Raul Julia, with a smile perpetually plastered onto his face, shows up as lawyer Sandy Stern, defending Sabich and using smarm as his main weapon. He quickly destroys the case against Sabich by doing no more the exposing the doctor who performed the autopsy as an incompetent fool.

There are investigators hiding evidence, prosecutors with political agendas, and a murderer who is perfectly careful in every detail -- but places the murder weapon, soaked with blood and with the victim's hair still attached to it, back in the tool box.

This may or may not be a case of a poor film utterly failing to capture the essence of the book, but the script certainly casts doubt on the quality of the Scott Turow novel.

Still, any movie with Ford, Dennehy, Julia, Bonnie Bedelia as Sabich's wife, and Scacchi, is worth watching, and the strength of the cast keeps the movie from sinking into a complete farce as the ultra-convoluted reality-free plot ties itself into a pretzel.
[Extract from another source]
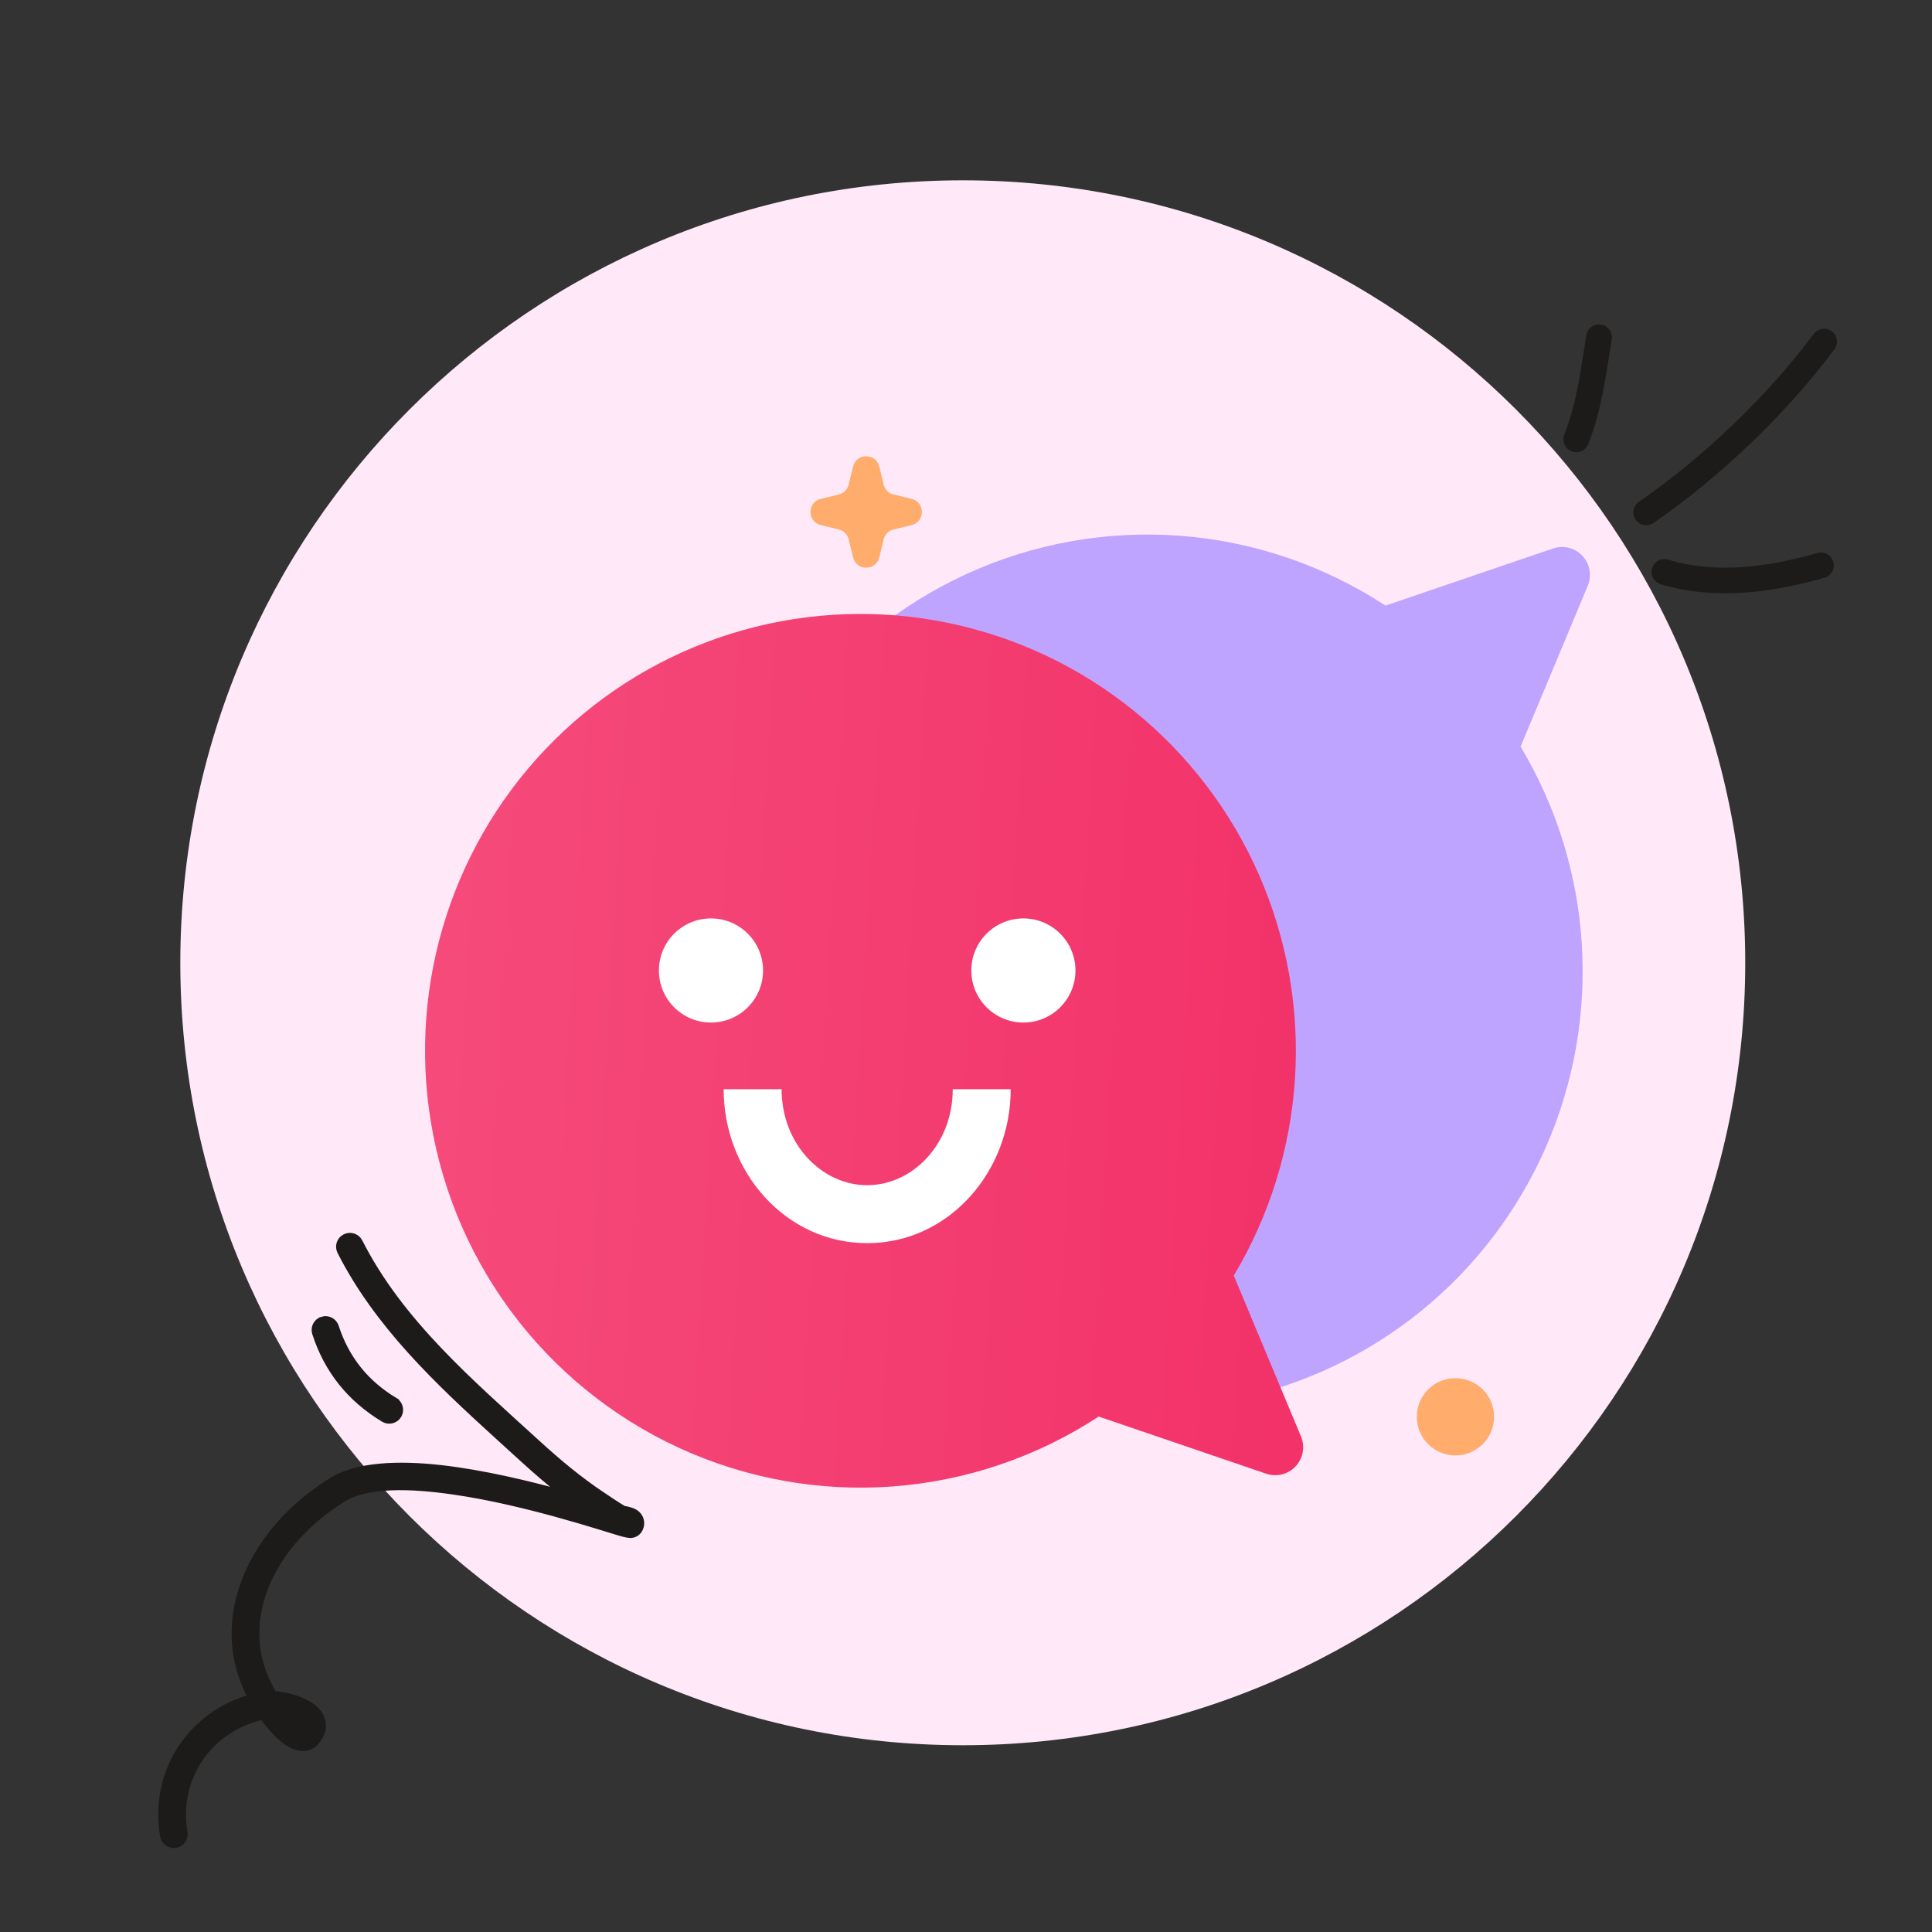 <?xml version="1.0" encoding="UTF-8"?> <svg xmlns="http://www.w3.org/2000/svg" width="300" height="300" viewBox="0 0 300 300" fill="none"><rect x="0" y="0" width="300" height="300" fill="#333333" stroke="none"/><g clip-path="url(#clip0_349_8634)"><path d="M149.5 271C216.603 271 271 216.603 271 149.5C271 82.397 216.603 28 149.5 28C82.397 28 28 82.397 28 149.5C28 216.603 82.397 271 149.5 271Z" fill="#FFE9F8"></path><path fill-rule="evenodd" clip-rule="evenodd" d="M246.63 68.952C248.732 63.612 249.355 58.283 250.269 52.703C250.448 51.614 249.708 50.589 248.618 50.409C247.528 50.23 246.499 50.971 246.32 52.06C245.454 57.351 244.901 62.422 242.905 67.494C242.501 68.52 243.009 69.681 244.037 70.08C245.064 70.486 246.226 69.978 246.63 68.952Z" fill="#1C1B1A"></path><path fill-rule="evenodd" clip-rule="evenodd" d="M256.768 81.205C267.138 74.022 277.297 64.355 284.848 54.232C285.507 53.347 285.323 52.095 284.437 51.44C283.55 50.784 282.296 50.965 281.638 51.849C274.335 61.637 264.51 70.986 254.484 77.927C253.577 78.557 253.353 79.801 253.984 80.704C254.614 81.607 255.861 81.835 256.768 81.205Z" fill="#1C1B1A"></path><path fill-rule="evenodd" clip-rule="evenodd" d="M257.876 90.718C266.141 93.241 275.171 92.036 283.306 89.712C284.367 89.405 284.981 88.3 284.676 87.246C284.372 86.186 283.262 85.574 282.201 85.875C274.792 87.994 266.573 89.2 259.045 86.903C257.988 86.581 256.869 87.175 256.548 88.225C256.225 89.276 256.821 90.395 257.876 90.718Z" fill="#1C1B1A"></path><path d="M48.968 207.019C48.687 206.152 49.165 205.223 50.033 204.948L50.033 204.947C50.902 204.668 51.834 205.147 52.114 206.012C53.731 211.009 56.795 214.799 61.296 217.511L61.295 217.512C62.078 217.98 62.33 218.995 61.857 219.776L61.857 219.777C61.386 220.552 60.367 220.804 59.586 220.33C54.392 217.199 50.839 212.796 48.968 207.019Z" fill="#1C1B1A" stroke="#1C1B1A"></path><path d="M25.286 284.625C23.86 274.991 29.669 266.211 38.986 263.59C38.521 262.694 38.111 261.77 37.757 260.828L37.756 260.828C33.78 250.243 39.205 237.836 50.963 230.282L51.528 229.926C53.485 228.716 56.051 228.05 58.943 227.777C61.84 227.503 65.1 227.619 68.475 228.001C74.999 228.739 82.012 230.428 87.598 231.973C85.376 230.25 83.256 228.415 81.165 226.506L77.214 222.911C67.955 214.483 58.604 205.671 52.861 194.329L52.861 194.327C52.452 193.513 52.777 192.522 53.594 192.115L53.749 192.046C54.532 191.748 55.43 192.089 55.814 192.848L55.814 192.849C62.15 205.359 73.083 214.66 83.397 224.078C86.625 227.026 89.899 229.77 93.522 232.181L93.523 232.181C94.614 232.911 95.674 233.634 96.781 234.295L96.782 234.294C96.782 234.294 96.795 234.302 96.829 234.313C96.864 234.323 96.908 234.333 96.966 234.345C97.025 234.357 97.085 234.368 97.159 234.381L97.386 234.426L97.392 234.428C97.785 234.523 98.194 234.649 98.496 234.819L98.499 234.821C99.049 235.137 99.368 235.599 99.486 236.106L99.487 236.109C99.57 236.481 99.556 236.911 99.339 237.375L99.337 237.379C99.179 237.707 98.837 238.204 98.056 238.311L98.055 238.311C97.965 238.324 97.863 238.319 97.785 238.312C97.689 238.304 97.571 238.288 97.434 238.265C97.161 238.219 96.797 238.138 96.357 238.009L96.356 238.008C92.902 236.984 81.331 233.152 70.479 231.583C66.994 231.079 63.605 230.793 60.619 230.924C57.625 231.056 55.09 231.606 53.276 232.727C42.601 239.332 37.541 250.086 40.697 259.244L40.854 259.679C41.294 260.852 41.833 261.985 42.467 263.063C43.274 263.119 44.27 263.287 45.256 263.564C46.353 263.872 47.478 264.324 48.328 264.928C49.218 265.562 49.849 266.382 50.044 267.324C50.248 268.313 50.003 269.419 49.004 270.53L49.003 270.531C48.149 271.48 46.972 271.589 45.85 271.182C44.82 270.813 43.79 269.943 43.333 269.498C42.396 268.585 41.548 267.59 40.791 266.536C32.423 268.419 27.173 276.119 28.622 284.543L28.621 284.544C28.775 285.446 28.167 286.293 27.27 286.447L27.267 286.447C26.372 286.595 25.515 285.996 25.361 285.095L25.286 284.625ZM45.706 267.204C45.956 267.439 46.365 267.788 46.781 268.001C46.783 268.002 46.785 268.003 46.787 268.004C46.788 268.002 46.789 267.999 46.79 267.997C46.796 267.987 46.797 267.978 46.799 267.972C46.792 267.954 46.776 267.918 46.723 267.862C46.653 267.789 46.551 267.711 46.408 267.609L46.151 267.44C46.013 267.356 45.863 267.279 45.706 267.204Z" fill="#1C1B1A" stroke="#1C1B1A"></path><path d="M136.542 72.461C136.024 70.317 132.975 70.317 132.457 72.461L131.787 75.238C131.602 76.004 131.004 76.602 130.238 76.787L127.46 77.458C125.316 77.975 125.316 81.025 127.46 81.542L130.238 82.213C131.004 82.398 131.602 82.996 131.787 83.762L132.457 86.539C132.975 88.683 136.024 88.683 136.542 86.539L137.212 83.762C137.397 82.996 137.996 82.398 138.762 82.213L141.539 81.542C143.683 81.025 143.683 77.975 141.539 77.458L138.762 76.787C137.996 76.602 137.397 76.004 137.212 75.238L136.542 72.461Z" fill="#FFAC6D"></path><circle cx="226" cy="220" r="6" fill="#FFAC6D"></circle><path d="M111.135 141.84C112.651 130.482 117.011 119.695 123.806 110.484C130.602 101.273 139.612 93.939 149.997 89.165C160.382 84.392 171.803 82.336 183.194 83.188C194.585 84.04 205.575 87.772 215.14 94.037L241.199 85.15C241.985 84.89 242.829 84.861 243.631 85.067C244.433 85.273 245.159 85.705 245.723 86.312C246.288 86.919 246.668 87.676 246.818 88.493C246.967 89.309 246.881 90.152 246.568 90.921L236.118 115.929C241.676 125.218 244.935 135.707 245.622 146.519C246.31 157.331 244.406 168.151 240.07 178.074C235.733 187.996 229.091 196.732 220.698 203.55C212.306 210.368 202.407 215.07 191.832 217.263C181.256 219.456 170.31 219.075 159.911 216.153C149.512 213.23 139.962 207.851 132.061 200.466C124.159 193.081 118.136 183.905 114.495 173.705C110.854 163.505 109.702 152.579 111.135 141.84V141.84Z" fill="#BFA4FF"></path><path d="M66.597 172.16C68.114 183.518 72.473 194.305 79.269 203.516C86.065 212.727 95.075 220.061 105.46 224.835C115.845 229.608 127.265 231.664 138.657 230.812C150.048 229.96 161.038 226.228 170.603 219.963L196.662 228.85C197.448 229.11 198.292 229.139 199.094 228.933C199.895 228.727 200.622 228.295 201.186 227.688C201.751 227.081 202.131 226.324 202.28 225.507C202.43 224.691 202.343 223.848 202.031 223.079L191.58 198.071C197.139 188.782 200.398 178.293 201.085 167.481C201.773 156.669 199.869 145.849 195.533 135.926C191.196 126.004 184.554 117.268 176.161 110.45C167.769 103.632 157.87 98.93 147.295 96.737C136.719 94.544 125.773 94.925 115.374 97.847C104.975 100.77 95.425 106.149 87.524 113.534C79.622 120.919 73.599 130.095 69.958 140.295C66.317 150.495 65.165 161.421 66.597 172.16Z" fill="url(#paint0_linear_349_8634)"></path><path fill-rule="evenodd" clip-rule="evenodd" d="M147.943 169.133C147.943 177.741 141.634 184.037 134.656 184.037C127.678 184.037 121.368 177.741 121.368 169.133H112.368C112.368 181.958 121.986 193.037 134.656 193.037C147.325 193.037 156.943 181.958 156.943 169.133H147.943Z" fill="white"></path><path d="M110.4 158.781C114.865 158.781 118.485 155.162 118.485 150.696C118.485 146.231 114.865 142.611 110.4 142.611C105.935 142.611 102.315 146.231 102.315 150.696C102.315 155.162 105.935 158.781 110.4 158.781Z" fill="white"></path><path d="M158.911 158.781C163.377 158.781 166.997 155.162 166.997 150.696C166.997 146.231 163.377 142.611 158.911 142.611C154.446 142.611 150.826 146.231 150.826 150.696C150.826 155.162 154.446 158.781 158.911 158.781Z" fill="white"></path></g><defs><linearGradient id="paint0_linear_349_8634" x1="66" y1="215.738" x2="255.692" y2="226.771" gradientUnits="userSpaceOnUse"><stop stop-color="#F54A7A"></stop><stop offset="1" stop-color="#F12861"></stop></linearGradient><clipPath id="clip0_349_8634"><rect width="300" height="300" fill="white"></rect></clipPath></defs></svg>

It is evident, however, that Scacchi 's beauty is as captivating as her acting ability is atrocious. Appropriately, her role in flashbacks is mostly reduced to gazing into the camera...deeply.

Alan J. Pakula has much better films than this on his resume. He directs here with the main intention of keeping everyone and everything deadly serious. Only Julia is allowed to smile, but Presumed Innocent is a good recipe for general hilarity.